PIERRE N’DIAYE : « NOUS AVONS BATI UN SOCLE DE REFERENCES COMMUNES »

Pierre N’Diaye est responsable « Productivité, qualité, sécurité, environnement et de l’insertion » chez Eiffage Construction sud-est, et chef de file de la commission « sûreté chantiers ».

© Eiffage Construction

Vous animez la commission « sûreté chantiers » depuis son installation. Qu’est-ce qui vous a motivé ?

C’est pour moi une implication évidente. Il est très rare que des représentants des entreprises, des organismes Hlm, de la Police, de la Gendarmerie et du secteur emploi/insertion se réunissent pour parler de projets communs. Et encore moins qu’ils le fassent tous les mois. Nous avons un objectif commun à porter et il est normal de s’y impliquer.

Il y a eu beaucoup de difficultés et même de blocages sur les chantiers ces dernières années. Et dans la commission nous avons une volonté très forte de réussir les opérations de construction ou de rénovation nécessaires à la société en général.

Vous faites allusion à quelles difficultés ?

Menaces, blocages, difficultés à trouver des personnels sur certains chantiers, rackets, vols… il a fallu dialoguer, se mettre tous autour d’une table, comprendre les enjeux de chacun, leurs difficultés et agir collectivement. Au-delà du dispositif Ras le Vol, la commission « sûreté chantiers » libère régulièrement la parole de tous les intervenants, on prend l’habitude d’échanger et de créer ensemble des documents, des dispositifs, des réponses collectives aux problèmes auxquels nous sommes tous confrontés.

Vous avez élaboré et signé au sein de la commission la Charte « chantiers responsables »…

Oui, cela a été le fruit d’un an de travail en commun. Nous voulions bâtir un socle de références, une base simple autour de laquelle nos engagements respectifs étaient affirmés dans l’objectif de la réussite commune. La Préfecture de Police (Police nationale et Gendarmerie), la Préfète déléguée pour l’égalité des chances, les entreprises et les bailleurs sociaux ont signé cette Charte.

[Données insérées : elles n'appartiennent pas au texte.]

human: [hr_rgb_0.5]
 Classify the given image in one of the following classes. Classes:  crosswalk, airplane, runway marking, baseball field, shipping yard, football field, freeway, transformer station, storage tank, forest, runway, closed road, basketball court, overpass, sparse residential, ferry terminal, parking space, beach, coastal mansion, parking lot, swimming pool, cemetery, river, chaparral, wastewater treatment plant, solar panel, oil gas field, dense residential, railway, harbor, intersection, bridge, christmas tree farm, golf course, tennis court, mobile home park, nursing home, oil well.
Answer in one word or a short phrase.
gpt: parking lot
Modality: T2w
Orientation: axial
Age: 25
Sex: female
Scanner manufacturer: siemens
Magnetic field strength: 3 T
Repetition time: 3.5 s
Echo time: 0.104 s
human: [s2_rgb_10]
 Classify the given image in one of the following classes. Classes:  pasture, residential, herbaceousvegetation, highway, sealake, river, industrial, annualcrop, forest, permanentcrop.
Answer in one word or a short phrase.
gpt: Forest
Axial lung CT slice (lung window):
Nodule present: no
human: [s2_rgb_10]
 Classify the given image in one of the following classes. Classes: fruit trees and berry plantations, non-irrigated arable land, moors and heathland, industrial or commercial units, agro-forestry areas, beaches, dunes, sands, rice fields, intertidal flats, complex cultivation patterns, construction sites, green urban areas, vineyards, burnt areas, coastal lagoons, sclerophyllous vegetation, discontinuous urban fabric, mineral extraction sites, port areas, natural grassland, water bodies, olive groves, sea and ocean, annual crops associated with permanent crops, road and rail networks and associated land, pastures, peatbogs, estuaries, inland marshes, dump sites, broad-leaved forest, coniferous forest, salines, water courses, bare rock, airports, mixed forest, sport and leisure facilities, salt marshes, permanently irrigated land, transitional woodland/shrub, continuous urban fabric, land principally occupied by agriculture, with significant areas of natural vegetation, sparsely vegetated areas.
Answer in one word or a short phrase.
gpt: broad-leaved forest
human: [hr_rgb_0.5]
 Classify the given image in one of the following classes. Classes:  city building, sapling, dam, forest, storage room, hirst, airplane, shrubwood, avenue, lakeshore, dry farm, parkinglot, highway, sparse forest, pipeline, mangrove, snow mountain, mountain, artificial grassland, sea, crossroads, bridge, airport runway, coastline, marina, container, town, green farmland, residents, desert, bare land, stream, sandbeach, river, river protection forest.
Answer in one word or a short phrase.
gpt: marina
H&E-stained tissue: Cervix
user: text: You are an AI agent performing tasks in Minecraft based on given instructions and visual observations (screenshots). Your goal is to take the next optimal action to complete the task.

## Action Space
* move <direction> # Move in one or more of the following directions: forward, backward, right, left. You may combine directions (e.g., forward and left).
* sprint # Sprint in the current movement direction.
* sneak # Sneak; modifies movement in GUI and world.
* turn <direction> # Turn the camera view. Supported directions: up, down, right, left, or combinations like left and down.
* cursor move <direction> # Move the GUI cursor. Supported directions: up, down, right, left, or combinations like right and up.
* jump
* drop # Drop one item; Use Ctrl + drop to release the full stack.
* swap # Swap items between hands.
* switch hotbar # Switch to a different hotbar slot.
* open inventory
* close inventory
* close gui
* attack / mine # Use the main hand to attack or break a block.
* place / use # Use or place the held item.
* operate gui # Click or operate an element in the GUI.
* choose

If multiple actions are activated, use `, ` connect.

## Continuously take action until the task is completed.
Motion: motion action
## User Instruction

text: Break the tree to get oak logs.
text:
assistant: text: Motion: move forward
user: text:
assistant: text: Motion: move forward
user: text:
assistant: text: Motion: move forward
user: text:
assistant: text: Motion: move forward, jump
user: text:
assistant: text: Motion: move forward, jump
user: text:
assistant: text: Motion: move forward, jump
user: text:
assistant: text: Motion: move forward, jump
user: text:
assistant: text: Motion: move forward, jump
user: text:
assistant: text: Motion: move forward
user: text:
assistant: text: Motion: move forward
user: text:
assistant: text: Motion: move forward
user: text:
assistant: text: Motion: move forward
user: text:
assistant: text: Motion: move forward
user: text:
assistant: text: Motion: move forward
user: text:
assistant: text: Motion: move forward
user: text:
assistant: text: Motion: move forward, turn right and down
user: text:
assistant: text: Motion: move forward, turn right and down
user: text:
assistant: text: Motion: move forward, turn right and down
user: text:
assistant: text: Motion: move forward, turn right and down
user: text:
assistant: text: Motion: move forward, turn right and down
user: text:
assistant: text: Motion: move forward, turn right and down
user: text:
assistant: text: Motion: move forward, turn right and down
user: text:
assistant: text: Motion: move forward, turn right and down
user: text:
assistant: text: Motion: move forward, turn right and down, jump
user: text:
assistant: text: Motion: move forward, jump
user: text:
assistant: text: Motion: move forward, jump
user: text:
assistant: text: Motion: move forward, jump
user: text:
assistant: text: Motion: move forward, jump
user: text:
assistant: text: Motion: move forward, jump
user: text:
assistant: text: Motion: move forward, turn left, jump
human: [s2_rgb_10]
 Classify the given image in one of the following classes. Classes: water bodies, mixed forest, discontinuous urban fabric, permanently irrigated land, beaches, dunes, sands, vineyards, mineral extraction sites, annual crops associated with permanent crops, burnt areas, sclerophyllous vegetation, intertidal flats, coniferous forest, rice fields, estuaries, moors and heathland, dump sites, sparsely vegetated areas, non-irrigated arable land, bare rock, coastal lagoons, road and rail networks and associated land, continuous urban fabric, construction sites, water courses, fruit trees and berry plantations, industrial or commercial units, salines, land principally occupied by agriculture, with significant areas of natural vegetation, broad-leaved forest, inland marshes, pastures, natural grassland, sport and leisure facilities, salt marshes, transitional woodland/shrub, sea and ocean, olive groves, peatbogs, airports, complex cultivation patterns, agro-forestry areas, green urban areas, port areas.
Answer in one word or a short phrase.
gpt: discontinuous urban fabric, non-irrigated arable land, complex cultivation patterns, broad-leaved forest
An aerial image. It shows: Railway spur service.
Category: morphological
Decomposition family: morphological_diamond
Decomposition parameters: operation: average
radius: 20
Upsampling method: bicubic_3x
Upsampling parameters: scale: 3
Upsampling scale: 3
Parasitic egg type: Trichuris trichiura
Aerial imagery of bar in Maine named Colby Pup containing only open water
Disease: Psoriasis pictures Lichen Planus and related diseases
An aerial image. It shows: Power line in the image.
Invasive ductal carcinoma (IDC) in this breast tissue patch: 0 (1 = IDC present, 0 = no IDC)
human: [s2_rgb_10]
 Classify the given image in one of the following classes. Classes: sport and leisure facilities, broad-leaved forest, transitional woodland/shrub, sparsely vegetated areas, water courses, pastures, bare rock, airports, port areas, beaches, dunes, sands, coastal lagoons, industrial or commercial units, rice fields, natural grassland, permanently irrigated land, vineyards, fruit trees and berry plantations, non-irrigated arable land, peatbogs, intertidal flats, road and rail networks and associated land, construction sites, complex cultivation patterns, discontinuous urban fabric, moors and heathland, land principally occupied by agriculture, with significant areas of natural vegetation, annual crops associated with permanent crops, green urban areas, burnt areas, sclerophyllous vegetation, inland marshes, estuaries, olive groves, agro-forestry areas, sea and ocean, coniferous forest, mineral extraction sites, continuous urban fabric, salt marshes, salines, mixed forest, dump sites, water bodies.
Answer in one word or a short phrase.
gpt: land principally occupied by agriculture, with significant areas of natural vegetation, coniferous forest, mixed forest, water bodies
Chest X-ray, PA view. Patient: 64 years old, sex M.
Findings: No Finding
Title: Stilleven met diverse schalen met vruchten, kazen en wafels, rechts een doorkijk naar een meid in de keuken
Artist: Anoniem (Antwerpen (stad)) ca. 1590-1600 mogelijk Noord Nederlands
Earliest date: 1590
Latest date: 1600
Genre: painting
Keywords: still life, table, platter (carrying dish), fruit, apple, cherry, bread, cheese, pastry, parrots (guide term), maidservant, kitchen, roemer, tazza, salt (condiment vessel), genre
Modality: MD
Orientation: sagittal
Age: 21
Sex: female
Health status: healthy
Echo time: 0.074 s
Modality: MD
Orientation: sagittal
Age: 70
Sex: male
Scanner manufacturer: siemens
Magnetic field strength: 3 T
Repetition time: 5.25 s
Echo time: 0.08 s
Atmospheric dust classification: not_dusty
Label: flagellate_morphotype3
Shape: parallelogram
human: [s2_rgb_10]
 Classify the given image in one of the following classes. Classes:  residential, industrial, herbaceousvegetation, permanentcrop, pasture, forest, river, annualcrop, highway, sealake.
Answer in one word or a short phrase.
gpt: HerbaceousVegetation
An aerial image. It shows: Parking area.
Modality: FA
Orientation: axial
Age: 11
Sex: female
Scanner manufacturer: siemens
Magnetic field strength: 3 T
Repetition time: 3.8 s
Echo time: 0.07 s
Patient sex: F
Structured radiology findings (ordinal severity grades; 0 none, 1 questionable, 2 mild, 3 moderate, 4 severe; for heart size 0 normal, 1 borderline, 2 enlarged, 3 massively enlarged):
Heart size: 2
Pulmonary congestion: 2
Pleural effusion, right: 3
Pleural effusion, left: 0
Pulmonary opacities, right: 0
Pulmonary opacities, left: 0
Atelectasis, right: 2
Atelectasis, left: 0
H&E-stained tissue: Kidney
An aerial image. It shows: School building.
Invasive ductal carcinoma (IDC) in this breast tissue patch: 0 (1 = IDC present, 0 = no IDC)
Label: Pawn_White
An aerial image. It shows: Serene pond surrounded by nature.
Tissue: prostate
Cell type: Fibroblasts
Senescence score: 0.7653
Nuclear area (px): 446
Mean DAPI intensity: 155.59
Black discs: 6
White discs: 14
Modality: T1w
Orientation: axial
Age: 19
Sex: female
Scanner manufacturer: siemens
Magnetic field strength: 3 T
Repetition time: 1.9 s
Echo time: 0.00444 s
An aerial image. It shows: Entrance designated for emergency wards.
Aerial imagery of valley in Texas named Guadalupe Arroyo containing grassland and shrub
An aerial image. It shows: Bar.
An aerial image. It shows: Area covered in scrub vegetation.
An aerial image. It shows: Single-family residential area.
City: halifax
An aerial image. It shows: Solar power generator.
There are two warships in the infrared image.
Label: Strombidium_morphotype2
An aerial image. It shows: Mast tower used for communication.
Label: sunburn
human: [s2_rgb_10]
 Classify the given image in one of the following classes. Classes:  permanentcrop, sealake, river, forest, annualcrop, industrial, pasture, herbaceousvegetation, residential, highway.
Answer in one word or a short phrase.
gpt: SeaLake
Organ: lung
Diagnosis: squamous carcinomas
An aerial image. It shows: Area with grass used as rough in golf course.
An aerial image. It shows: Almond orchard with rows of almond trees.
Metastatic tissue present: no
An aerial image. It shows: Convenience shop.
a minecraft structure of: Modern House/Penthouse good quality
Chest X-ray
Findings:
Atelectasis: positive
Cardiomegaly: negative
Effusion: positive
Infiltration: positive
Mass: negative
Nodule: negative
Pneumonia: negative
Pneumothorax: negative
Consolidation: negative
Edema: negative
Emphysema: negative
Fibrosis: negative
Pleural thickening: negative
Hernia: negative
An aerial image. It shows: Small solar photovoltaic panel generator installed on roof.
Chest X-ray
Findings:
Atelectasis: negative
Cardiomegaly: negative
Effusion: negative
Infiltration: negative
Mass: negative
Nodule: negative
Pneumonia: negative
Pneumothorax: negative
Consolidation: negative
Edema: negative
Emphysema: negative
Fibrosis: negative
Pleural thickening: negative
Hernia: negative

Nous avons également mis en place des fiches de procédure qui permettent à chacun d’avoir une vision simple et claire de ce qu’il faut faire selon les circonstances et les événements qui peuvent se produire sur le chantier. Et surtout de synthétiser des préconisations pour l’organisation d’un partenariat opérationnel sur site qui permet d’assurer la réussite collective du déroulement du chantier.

Vous pouvez donner des exemples ?

Détailler les caractéristiques du site sur lequel doit se dérouler le chantier, organiser une reconnaissance préalable, éventuellement avec les forces de police, concevoir les actions d’information à mener auprès des habitants proches ou des locataires quand il s’agit d’une réhabilitation, anticiper l’embauche locale sur les clauses d’insertion, partager les contacts « ressources » (associations, centres sociaux…)… Les sujets sont innombrables.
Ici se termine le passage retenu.